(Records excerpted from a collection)
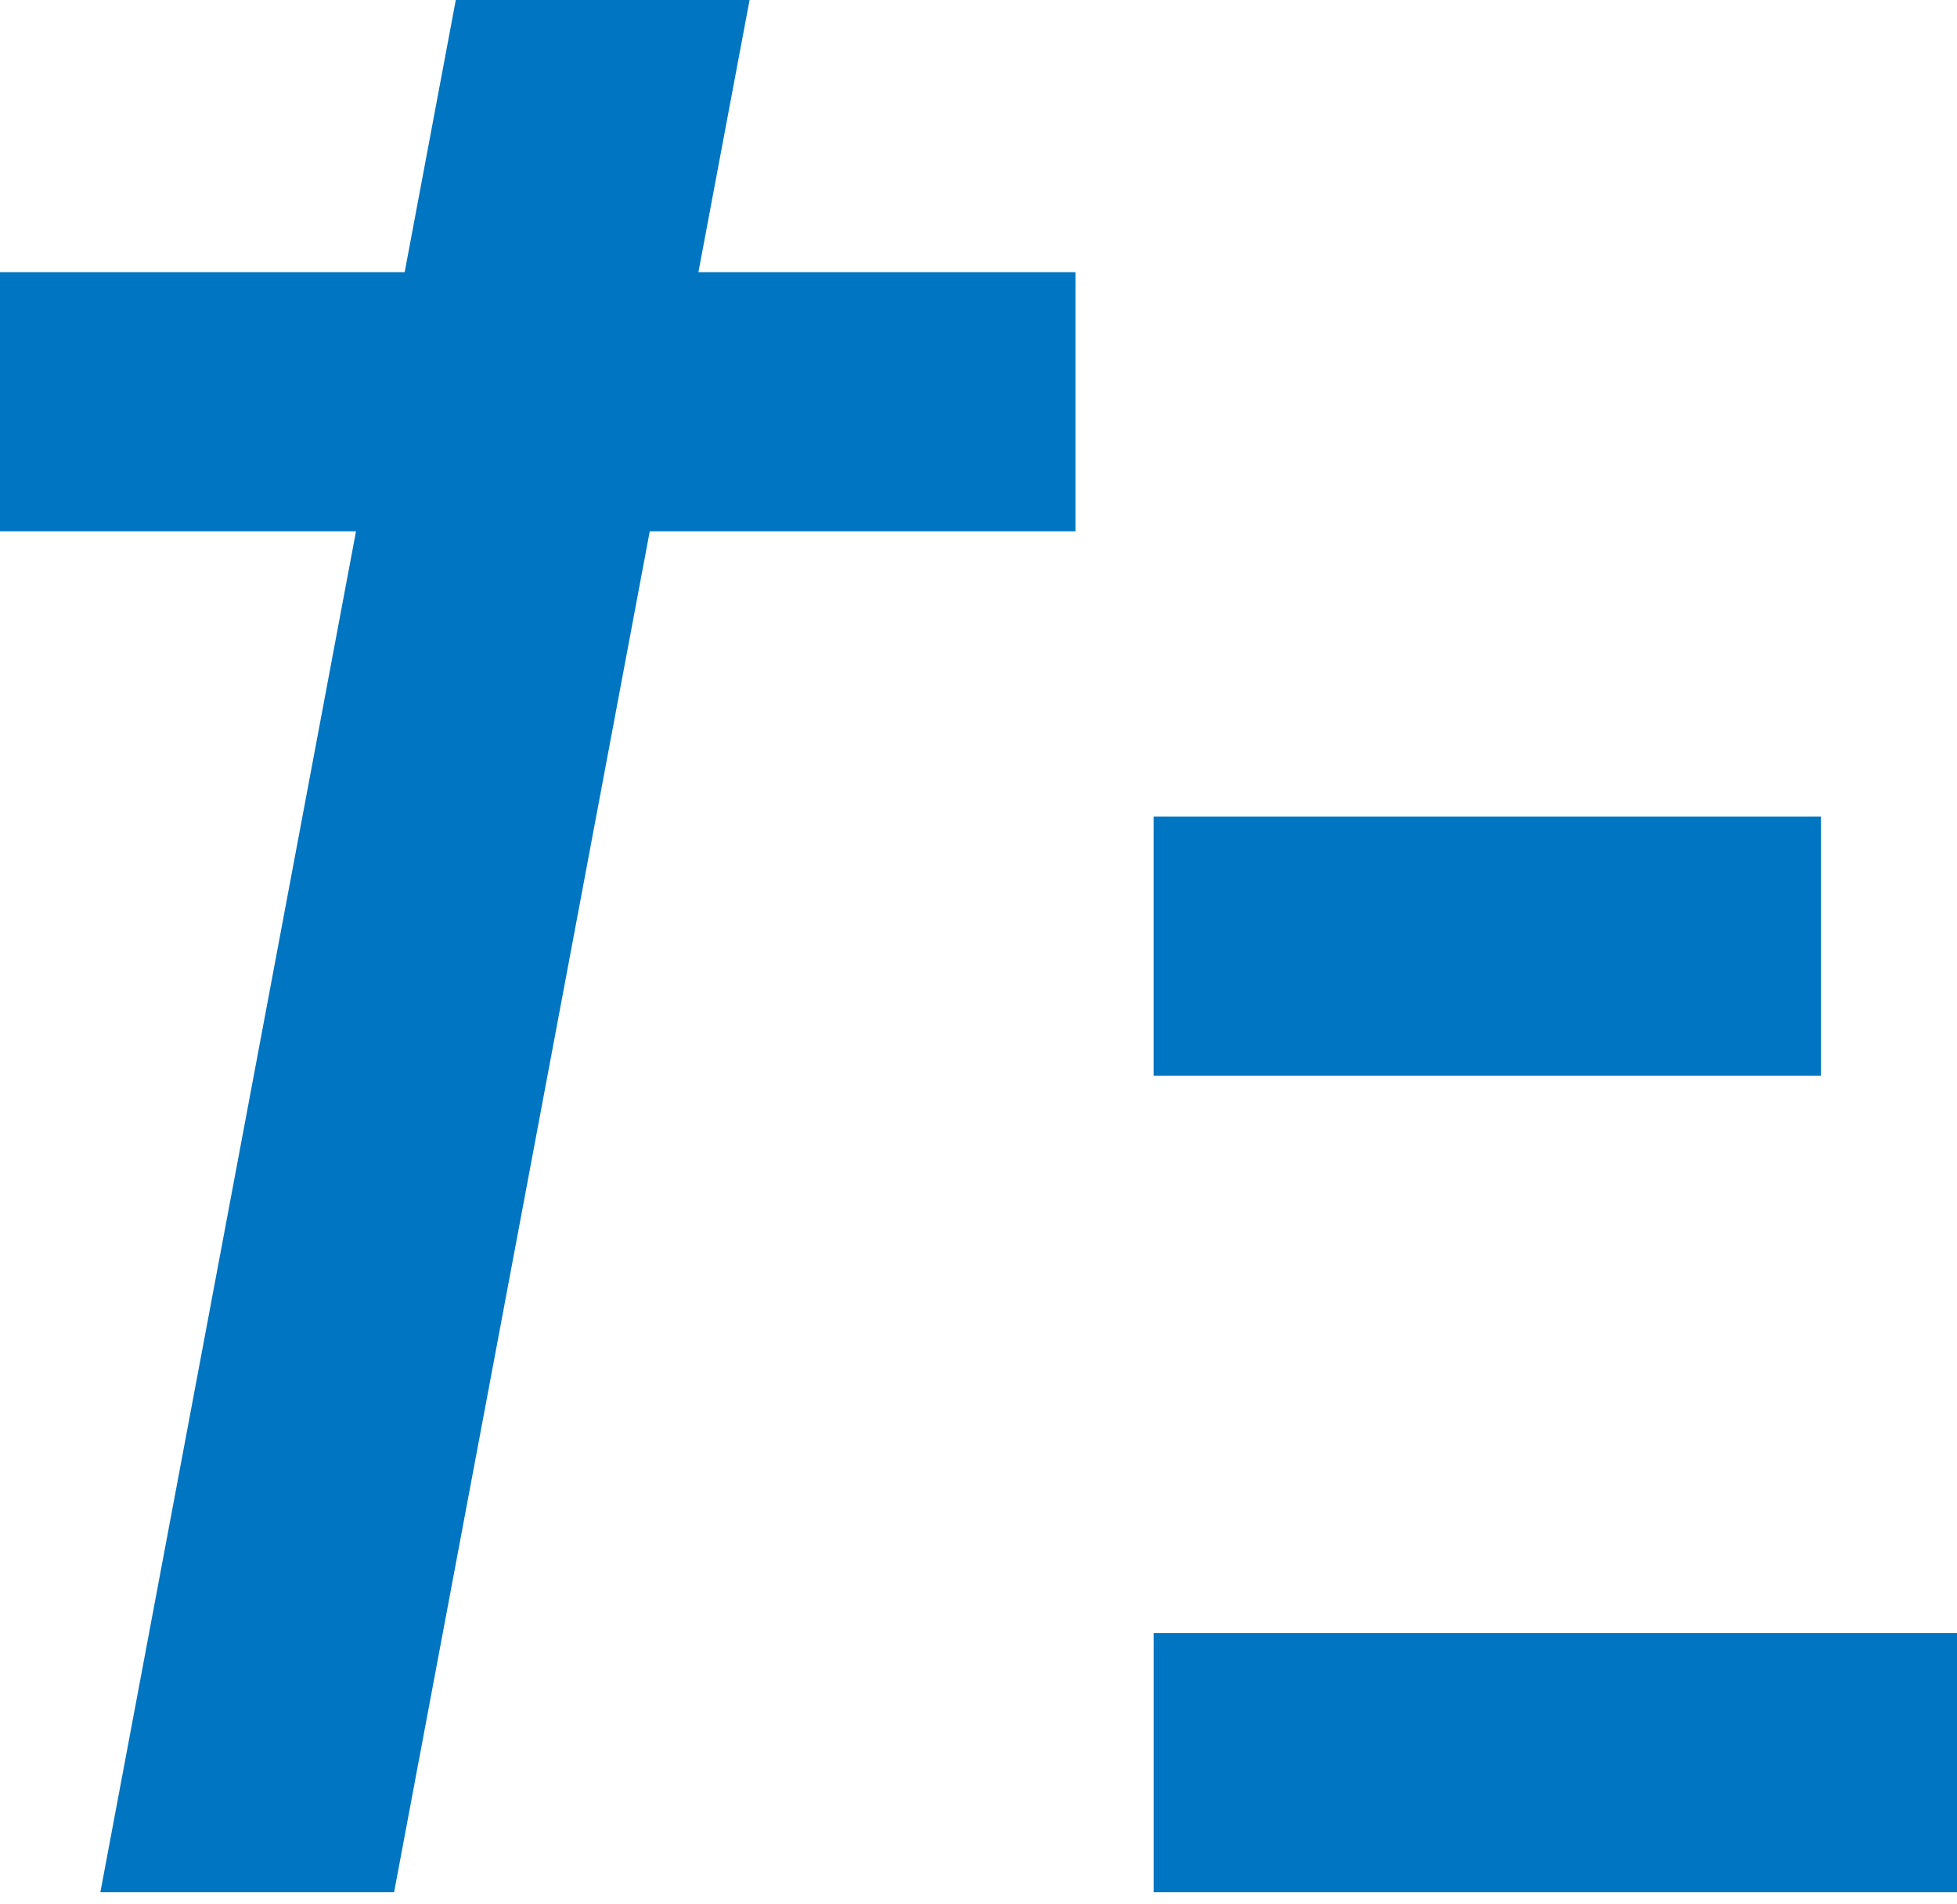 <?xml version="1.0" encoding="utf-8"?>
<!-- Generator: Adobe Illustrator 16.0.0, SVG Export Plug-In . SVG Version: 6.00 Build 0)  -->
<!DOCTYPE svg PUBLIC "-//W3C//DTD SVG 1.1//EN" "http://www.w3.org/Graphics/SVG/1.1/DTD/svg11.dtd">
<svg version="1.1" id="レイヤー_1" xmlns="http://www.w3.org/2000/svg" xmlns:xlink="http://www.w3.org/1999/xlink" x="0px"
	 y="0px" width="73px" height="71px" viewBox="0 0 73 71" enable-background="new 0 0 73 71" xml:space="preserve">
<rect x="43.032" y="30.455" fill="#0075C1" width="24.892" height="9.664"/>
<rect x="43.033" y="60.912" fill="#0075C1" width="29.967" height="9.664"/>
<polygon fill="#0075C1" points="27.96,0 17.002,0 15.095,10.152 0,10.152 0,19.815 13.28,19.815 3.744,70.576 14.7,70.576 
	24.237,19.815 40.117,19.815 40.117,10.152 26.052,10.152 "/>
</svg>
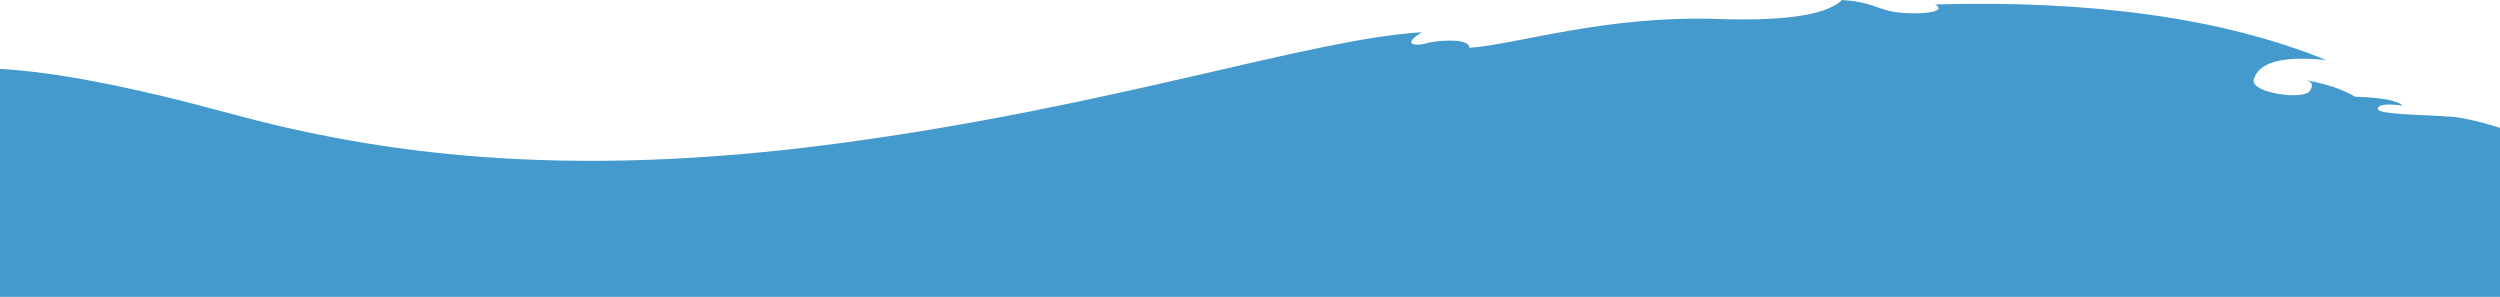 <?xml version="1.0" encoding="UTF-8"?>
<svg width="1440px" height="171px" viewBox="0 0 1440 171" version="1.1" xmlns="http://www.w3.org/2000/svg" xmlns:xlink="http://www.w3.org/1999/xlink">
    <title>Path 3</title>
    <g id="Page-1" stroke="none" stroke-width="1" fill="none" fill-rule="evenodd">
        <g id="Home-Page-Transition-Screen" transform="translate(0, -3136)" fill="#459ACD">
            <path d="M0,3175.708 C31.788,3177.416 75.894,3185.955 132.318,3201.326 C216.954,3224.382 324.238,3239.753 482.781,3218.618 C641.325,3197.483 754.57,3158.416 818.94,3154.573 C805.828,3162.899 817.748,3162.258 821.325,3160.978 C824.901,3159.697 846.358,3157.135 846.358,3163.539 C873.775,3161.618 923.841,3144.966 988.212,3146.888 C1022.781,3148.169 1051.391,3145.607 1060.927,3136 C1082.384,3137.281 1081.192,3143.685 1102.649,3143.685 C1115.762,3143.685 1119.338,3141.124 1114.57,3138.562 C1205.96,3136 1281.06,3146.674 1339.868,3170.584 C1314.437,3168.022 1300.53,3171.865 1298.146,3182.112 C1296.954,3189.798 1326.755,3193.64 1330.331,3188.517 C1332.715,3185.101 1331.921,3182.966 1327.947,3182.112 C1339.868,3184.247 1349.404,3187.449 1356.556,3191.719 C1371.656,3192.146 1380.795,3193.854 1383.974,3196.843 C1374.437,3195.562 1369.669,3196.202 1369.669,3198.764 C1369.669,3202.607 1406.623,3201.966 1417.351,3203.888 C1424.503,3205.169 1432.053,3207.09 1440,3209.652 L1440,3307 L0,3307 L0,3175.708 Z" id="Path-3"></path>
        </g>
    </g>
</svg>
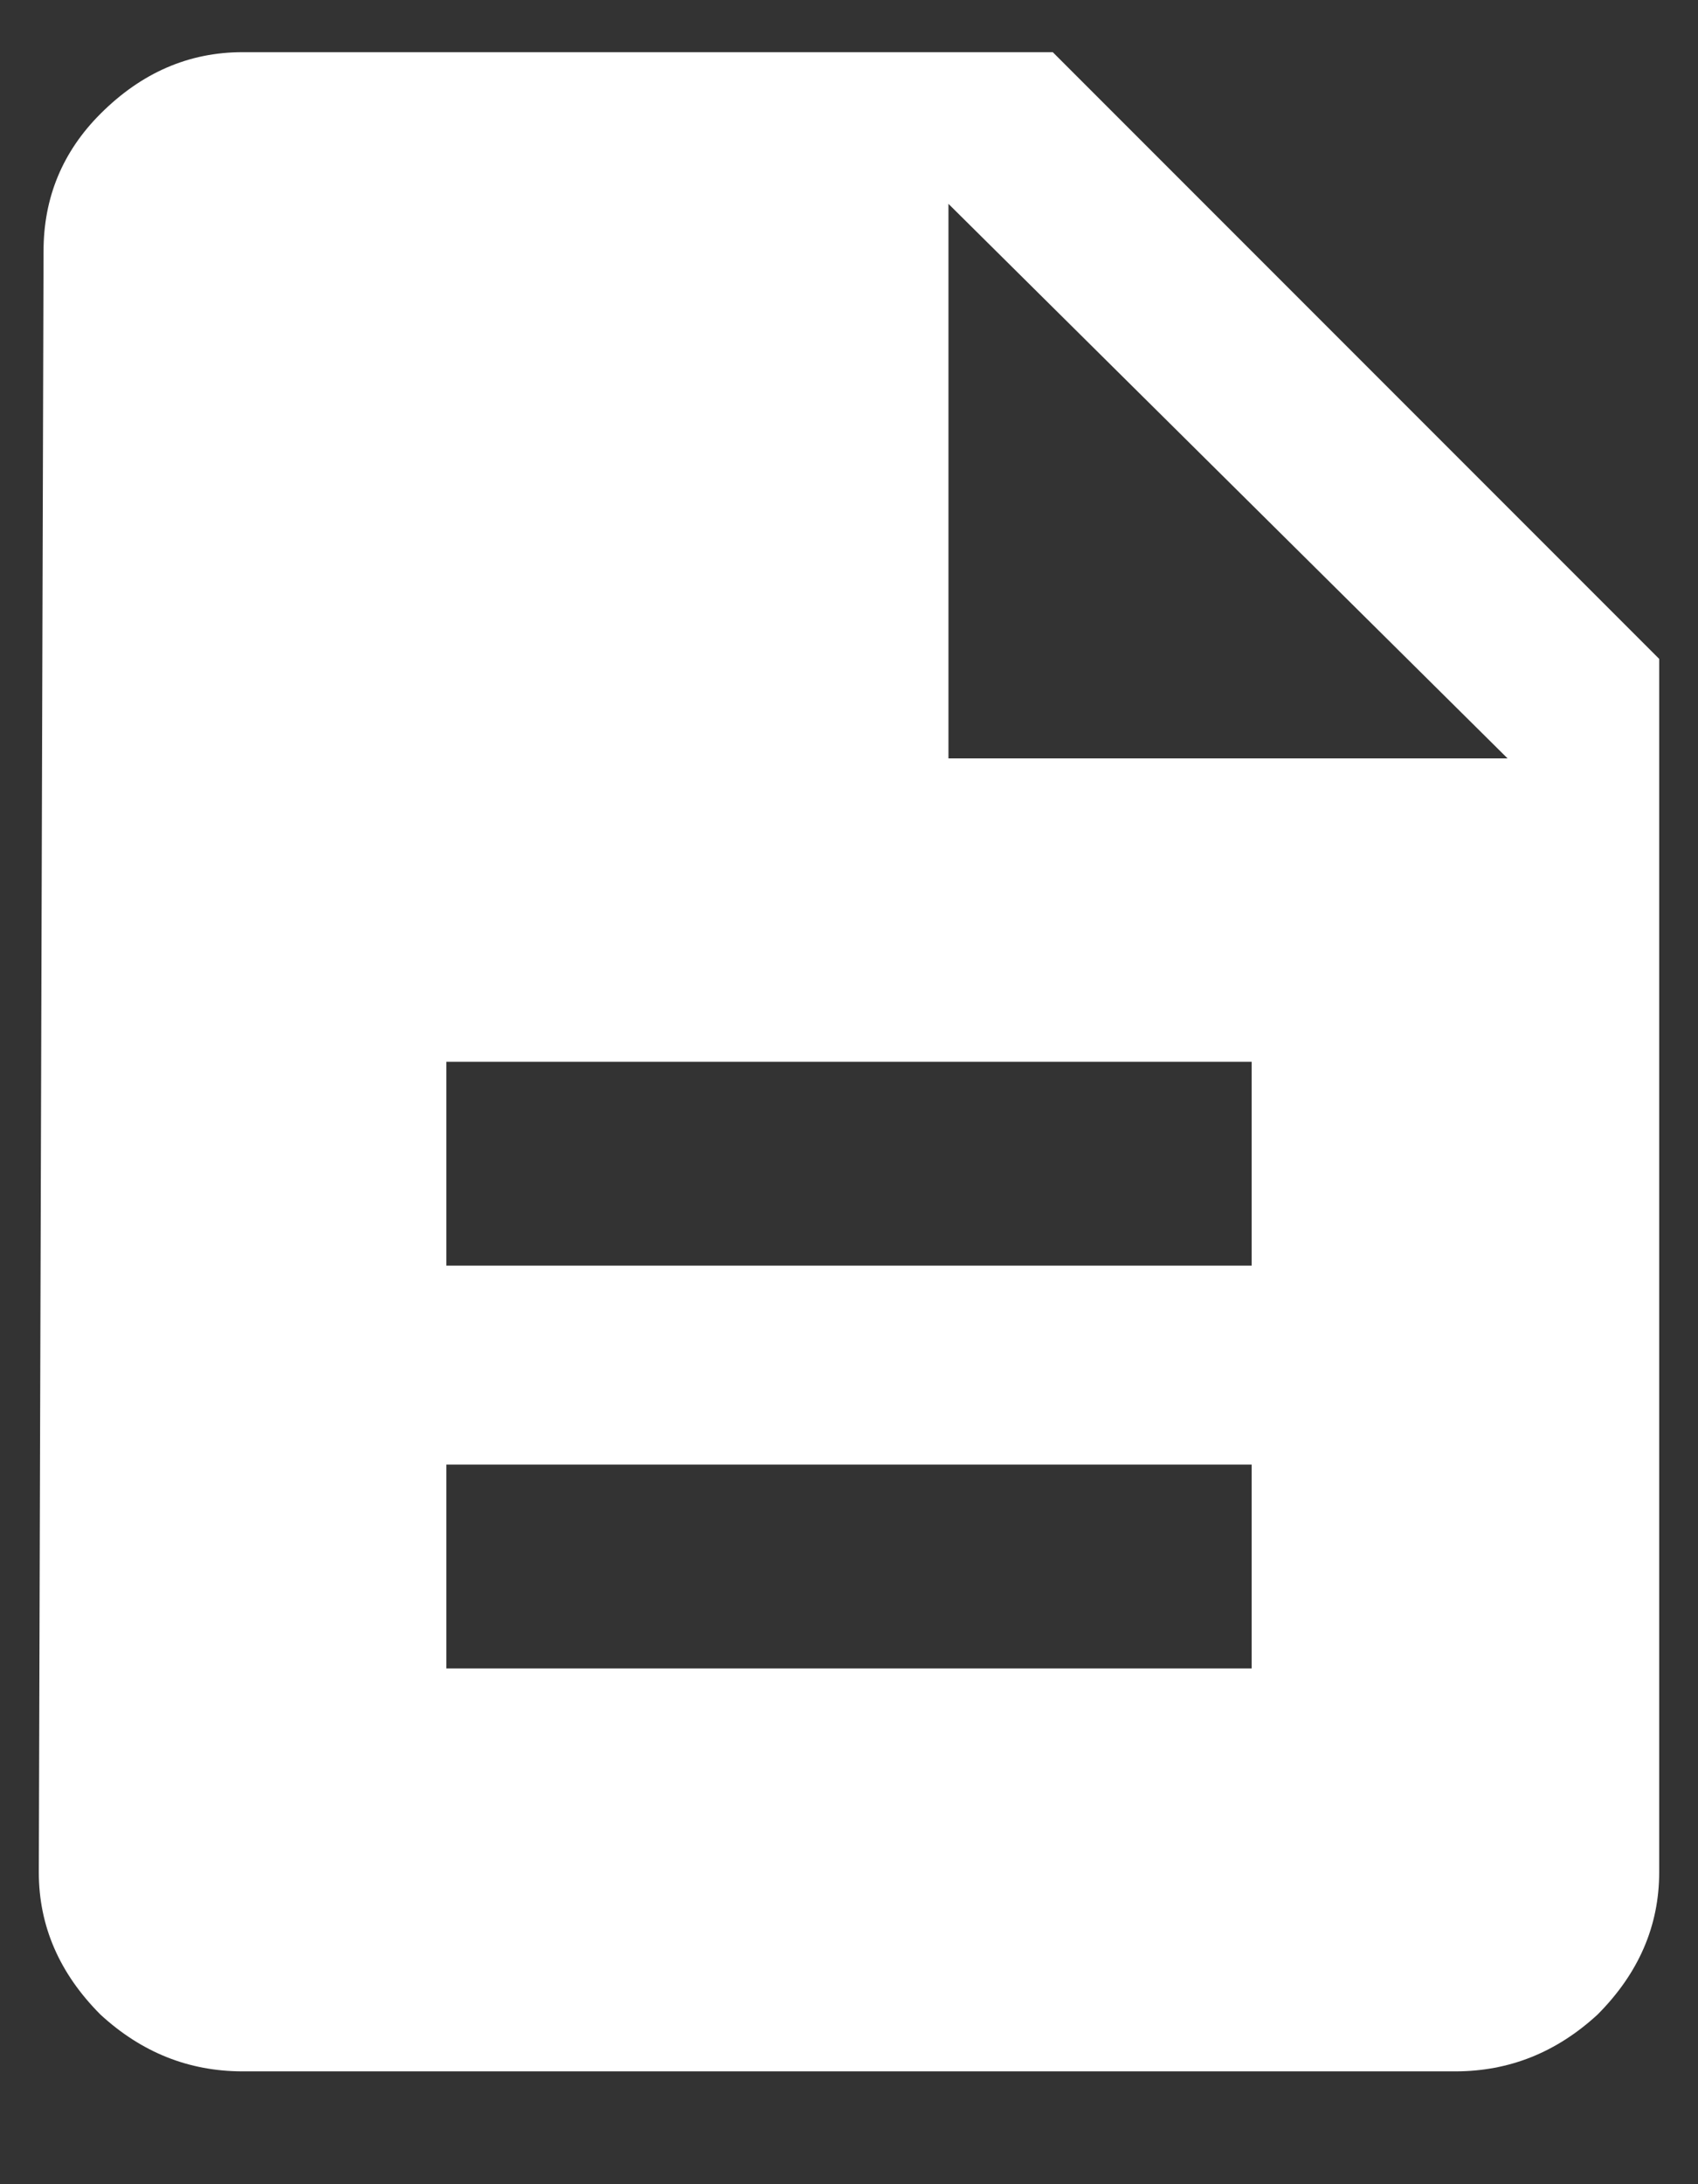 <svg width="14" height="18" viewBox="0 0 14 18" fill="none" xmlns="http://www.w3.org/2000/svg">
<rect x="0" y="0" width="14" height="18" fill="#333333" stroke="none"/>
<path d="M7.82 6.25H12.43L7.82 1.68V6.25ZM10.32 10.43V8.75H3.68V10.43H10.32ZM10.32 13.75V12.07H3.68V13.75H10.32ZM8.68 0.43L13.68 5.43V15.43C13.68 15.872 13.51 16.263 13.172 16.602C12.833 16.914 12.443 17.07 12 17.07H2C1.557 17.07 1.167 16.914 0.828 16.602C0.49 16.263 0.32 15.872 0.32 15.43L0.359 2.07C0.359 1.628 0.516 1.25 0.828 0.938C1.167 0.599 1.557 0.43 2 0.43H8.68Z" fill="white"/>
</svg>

### TASK REQUIREMENTS
The expected result is every record above, word for word, with no pictures in it.

### ANSWER TO THIS PROBLEM
 <?xml version="1.0" encoding="utf-8"?>
<!-- Generator: Adobe Illustrator 16.0.0, SVG Export Plug-In . SVG Version: 6.00 Build 0)  -->
<!DOCTYPE svg PUBLIC "-//W3C//DTD SVG 1.1//EN" "http://www.w3.org/Graphics/SVG/1.1/DTD/svg11.dtd">
<svg version="1.1" id="レイヤー_1" xmlns="http://www.w3.org/2000/svg" xmlns:xlink="http://www.w3.org/1999/xlink" x="0px"
	 y="0px" width="73px" height="71px" viewBox="0 0 73 71" enable-background="new 0 0 73 71" xml:space="preserve">
<rect x="43.032" y="30.455" fill="#0075C1" width="24.892" height="9.664"/>
<rect x="43.033" y="60.912" fill="#0075C1" width="29.967" height="9.664"/>
<polygon fill="#0075C1" points="27.96,0 17.002,0 15.095,10.152 0,10.152 0,19.815 13.28,19.815 3.744,70.576 14.7,70.576 
	24.237,19.815 40.117,19.815 40.117,10.152 26.052,10.152 "/>
</svg>
 <?xml version="1.0" encoding="UTF-8"?>
<svg width="1440px" height="171px" viewBox="0 0 1440 171" version="1.1" xmlns="http://www.w3.org/2000/svg" xmlns:xlink="http://www.w3.org/1999/xlink">
    <title>Path 3</title>
    <g id="Page-1" stroke="none" stroke-width="1" fill="none" fill-rule="evenodd">
        <g id="Home-Page-Transition-Screen" transform="translate(0, -3136)" fill="#459ACD">
            <path d="M0,3175.708 C31.788,3177.416 75.894,3185.955 132.318,3201.326 C216.954,3224.382 324.238,3239.753 482.781,3218.618 C641.325,3197.483 754.57,3158.416 818.94,3154.573 C805.828,3162.899 817.748,3162.258 821.325,3160.978 C824.901,3159.697 846.358,3157.135 846.358,3163.539 C873.775,3161.618 923.841,3144.966 988.212,3146.888 C1022.781,3148.169 1051.391,3145.607 1060.927,3136 C1082.384,3137.281 1081.192,3143.685 1102.649,3143.685 C1115.762,3143.685 1119.338,3141.124 1114.57,3138.562 C1205.96,3136 1281.06,3146.674 1339.868,3170.584 C1314.437,3168.022 1300.53,3171.865 1298.146,3182.112 C1296.954,3189.798 1326.755,3193.64 1330.331,3188.517 C1332.715,3185.101 1331.921,3182.966 1327.947,3182.112 C1339.868,3184.247 1349.404,3187.449 1356.556,3191.719 C1371.656,3192.146 1380.795,3193.854 1383.974,3196.843 C1374.437,3195.562 1369.669,3196.202 1369.669,3198.764 C1369.669,3202.607 1406.623,3201.966 1417.351,3203.888 C1424.503,3205.169 1432.053,3207.09 1440,3209.652 L1440,3307 L0,3307 L0,3175.708 Z" id="Path-3"></path>
        </g>
    </g>
</svg>
 <svg width="14" height="18" viewBox="0 0 14 18" fill="none" xmlns="http://www.w3.org/2000/svg">
<rect x="0" y="0" width="14" height="18" fill="#333333" stroke="none"/>
<path d="M7.82 6.25H12.43L7.82 1.68V6.25ZM10.32 10.43V8.75H3.68V10.43H10.32ZM10.32 13.75V12.07H3.68V13.75H10.32ZM8.68 0.43L13.68 5.43V15.43C13.68 15.872 13.51 16.263 13.172 16.602C12.833 16.914 12.443 17.07 12 17.07H2C1.557 17.07 1.167 16.914 0.828 16.602C0.49 16.263 0.32 15.872 0.32 15.43L0.359 2.07C0.359 1.628 0.516 1.25 0.828 0.938C1.167 0.599 1.557 0.43 2 0.43H8.68Z" fill="white"/>
</svg>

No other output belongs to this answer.